WHAT THE EXERCISE ASKS. Your response should consist of the records below, repeated exactly.

RECORDS FOR THIS EXERCISE below:

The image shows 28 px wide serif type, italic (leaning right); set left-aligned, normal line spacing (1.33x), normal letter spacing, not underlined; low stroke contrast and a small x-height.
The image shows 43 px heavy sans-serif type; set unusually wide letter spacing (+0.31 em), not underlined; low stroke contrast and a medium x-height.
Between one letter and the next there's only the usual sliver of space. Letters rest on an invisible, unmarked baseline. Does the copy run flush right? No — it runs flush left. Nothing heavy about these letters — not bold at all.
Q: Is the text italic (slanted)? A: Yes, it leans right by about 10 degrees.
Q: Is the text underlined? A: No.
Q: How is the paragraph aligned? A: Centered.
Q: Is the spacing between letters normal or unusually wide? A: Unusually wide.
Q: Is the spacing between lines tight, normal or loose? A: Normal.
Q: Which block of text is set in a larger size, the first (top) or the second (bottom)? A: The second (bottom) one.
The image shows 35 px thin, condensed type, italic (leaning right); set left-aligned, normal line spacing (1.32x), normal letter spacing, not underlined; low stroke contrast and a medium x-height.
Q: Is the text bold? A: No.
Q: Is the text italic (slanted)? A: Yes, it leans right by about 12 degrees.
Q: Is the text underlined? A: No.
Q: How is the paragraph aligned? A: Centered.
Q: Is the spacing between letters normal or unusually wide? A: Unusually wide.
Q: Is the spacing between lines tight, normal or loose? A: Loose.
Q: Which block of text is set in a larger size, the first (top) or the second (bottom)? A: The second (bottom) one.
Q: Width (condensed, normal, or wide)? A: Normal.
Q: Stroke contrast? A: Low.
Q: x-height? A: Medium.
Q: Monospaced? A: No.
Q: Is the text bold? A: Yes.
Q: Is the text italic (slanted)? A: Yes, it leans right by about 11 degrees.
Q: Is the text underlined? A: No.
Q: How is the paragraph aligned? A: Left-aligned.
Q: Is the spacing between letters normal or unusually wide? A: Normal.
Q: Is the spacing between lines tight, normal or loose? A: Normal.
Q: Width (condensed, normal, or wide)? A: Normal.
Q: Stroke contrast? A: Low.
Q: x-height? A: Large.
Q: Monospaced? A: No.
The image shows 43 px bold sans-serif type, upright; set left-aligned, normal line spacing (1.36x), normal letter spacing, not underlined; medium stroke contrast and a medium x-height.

End of RECORDS FOR THIS EXERCISE.

RESULT FOR THIS EXERCISE.
The image shows 28 px wide serif type, italic (leaning right); set left-aligned, normal line spacing (1.33x), normal letter spacing, not underlined; low stroke contrast and a small x-height.
The image shows 43 px heavy sans-serif type; set unusually wide letter spacing (+0.31 em), not underlined; low stroke contrast and a medium x-height.
Between one letter and the next there's only the usual sliver of space. Letters rest on an invisible, unmarked baseline. Does the copy run flush right? No — it runs flush left. Nothing heavy about these letters — not bold at all.
Q: Is the text italic (slanted)? A: Yes, it leans right by about 10 degrees.
Q: Is the text underlined? A: No.
Q: How is the paragraph aligned? A: Centered.
Q: Is the spacing between letters normal or unusually wide? A: Unusually wide.
Q: Is the spacing between lines tight, normal or loose? A: Normal.
Q: Which block of text is set in a larger size, the first (top) or the second (bottom)? A: The second (bottom) one.
The image shows 35 px thin, condensed type, italic (leaning right); set left-aligned, normal line spacing (1.32x), normal letter spacing, not underlined; low stroke contrast and a medium x-height.
Q: Is the text bold? A: No.
Q: Is the text italic (slanted)? A: Yes, it leans right by about 12 degrees.
Q: Is the text underlined? A: No.
Q: How is the paragraph aligned? A: Centered.
Q: Is the spacing between letters normal or unusually wide? A: Unusually wide.
Q: Is the spacing between lines tight, normal or loose? A: Loose.
Q: Which block of text is set in a larger size, the first (top) or the second (bottom)? A: The second (bottom) one.
Q: Width (condensed, normal, or wide)? A: Normal.
Q: Stroke contrast? A: Low.
Q: x-height? A: Medium.
Q: Monospaced? A: No.
Q: Is the text bold? A: Yes.
Q: Is the text italic (slanted)? A: Yes, it leans right by about 11 degrees.
Q: Is the text underlined? A: No.
Q: How is the paragraph aligned? A: Left-aligned.
Q: Is the spacing between letters normal or unusually wide? A: Normal.
Q: Is the spacing between lines tight, normal or loose? A: Normal.
Q: Width (condensed, normal, or wide)? A: Normal.
Q: Stroke contrast? A: Low.
Q: x-height? A: Large.
Q: Monospaced? A: No.
The image shows 43 px bold sans-serif type, upright; set left-aligned, normal line spacing (1.36x), normal letter spacing, not underlined; medium stroke contrast and a medium x-height.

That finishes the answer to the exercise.